__GIVEN INFORMATION__:
────────────────

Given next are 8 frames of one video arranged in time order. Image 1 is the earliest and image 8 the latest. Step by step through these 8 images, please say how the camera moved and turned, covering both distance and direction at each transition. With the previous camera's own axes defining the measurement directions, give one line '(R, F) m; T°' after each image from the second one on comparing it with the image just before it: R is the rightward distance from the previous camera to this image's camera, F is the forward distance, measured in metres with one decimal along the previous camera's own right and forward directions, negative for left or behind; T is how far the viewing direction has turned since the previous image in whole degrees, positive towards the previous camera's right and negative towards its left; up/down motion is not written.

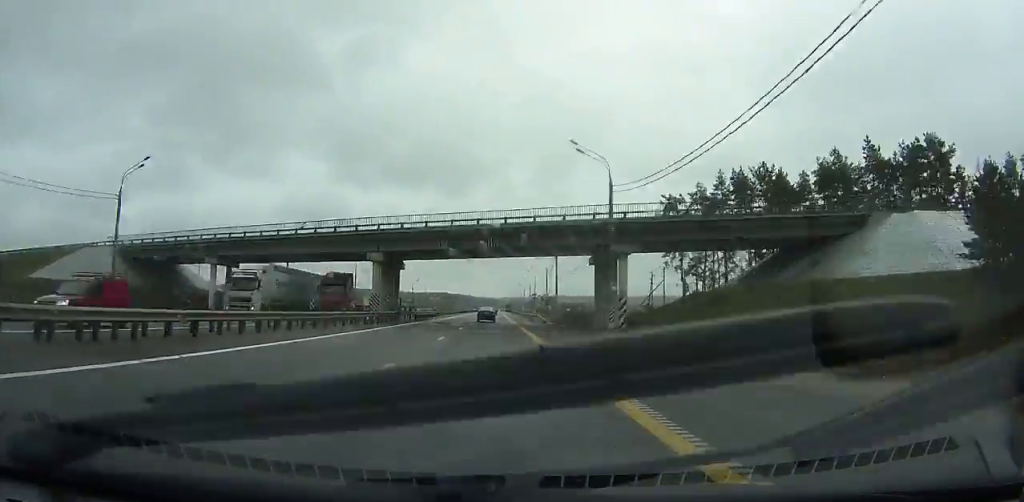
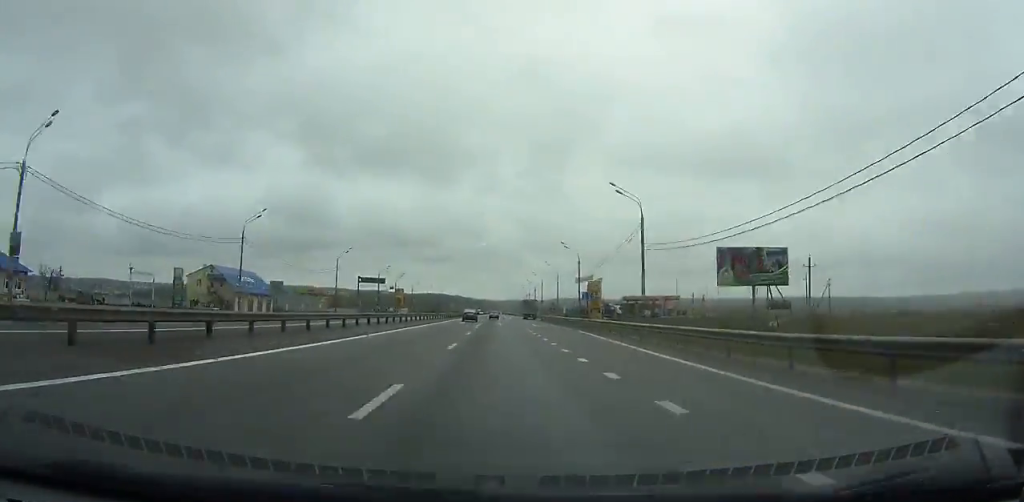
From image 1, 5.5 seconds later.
(+0.1, +168.5) m; 0°
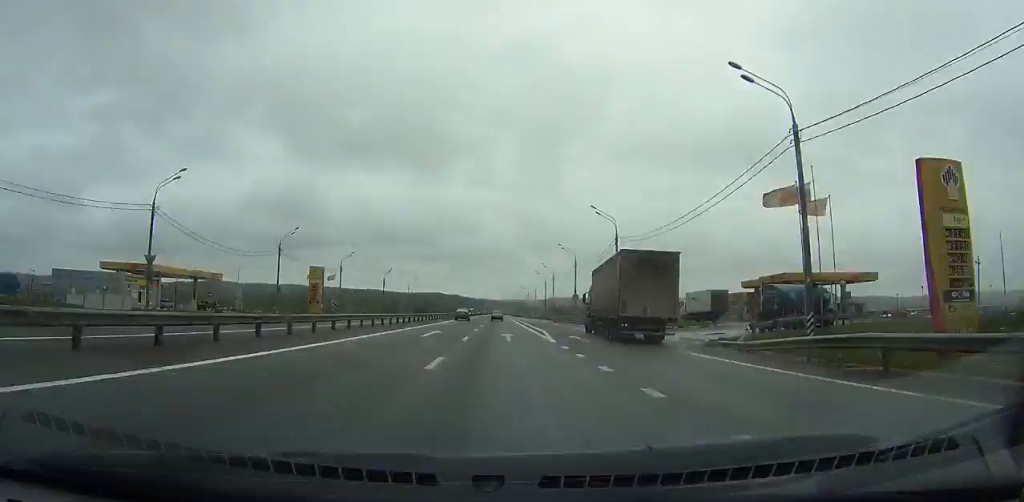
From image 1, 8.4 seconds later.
(-0.2, +88.3) m; 0°
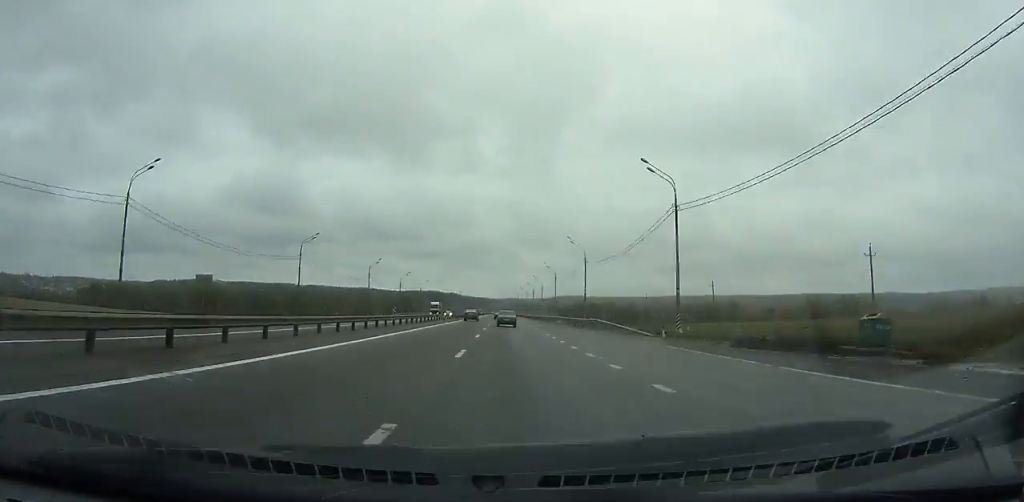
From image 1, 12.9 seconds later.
(+0.3, +138.2) m; 0°
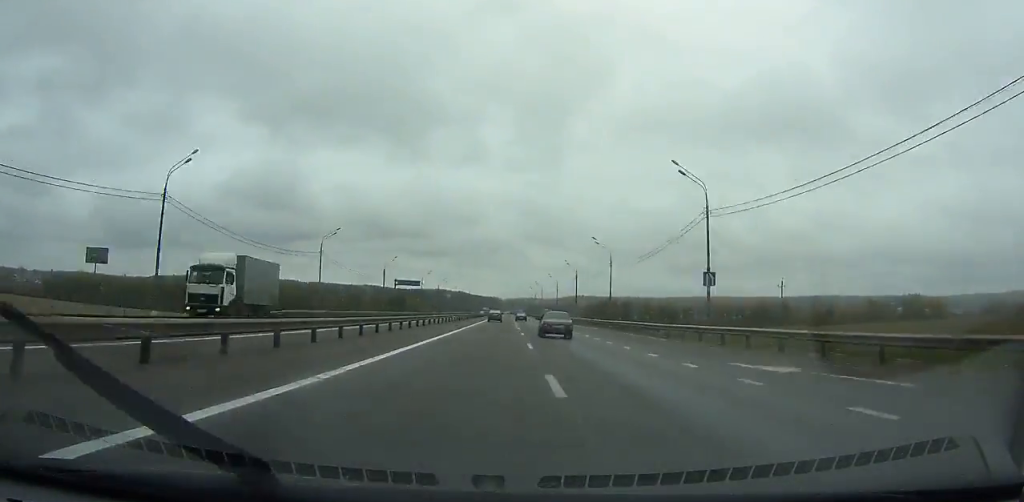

────────────────

__TASK REQUIREMENTS__: Pictures in the entries are to be skipped, and everything else repeated word for word.

__EXERCISE RESPONSE__:
Given next are 8 frames of one video arranged in time order. Image 1 is the earliest and image 8 the latest. Step by step through these 8 images, please say how the camera moved and turned, covering both distance and direction at each transition. With the previous camera's own axes defining the measurement directions, give one line '(R, F) m; T°' after each image from the second one on comparing it with the image just before it: R is the rightward distance from the previous camera to this image's camera, F is the forward distance, measured in metres with one decimal along the previous camera's own right and forward directions, negative for left or behind; T is how far the viewing direction has turned since the previous image in whole degrees, positive towards the previous camera's right and negative towards its left; up/down motion is not written.

From image 1, 5.5 seconds later.
(+0.1, +168.5) m; 0°
From image 1, 8.4 seconds later.
(-0.2, +88.3) m; 0°
From image 1, 12.9 seconds later.
(+0.3, +138.2) m; 0°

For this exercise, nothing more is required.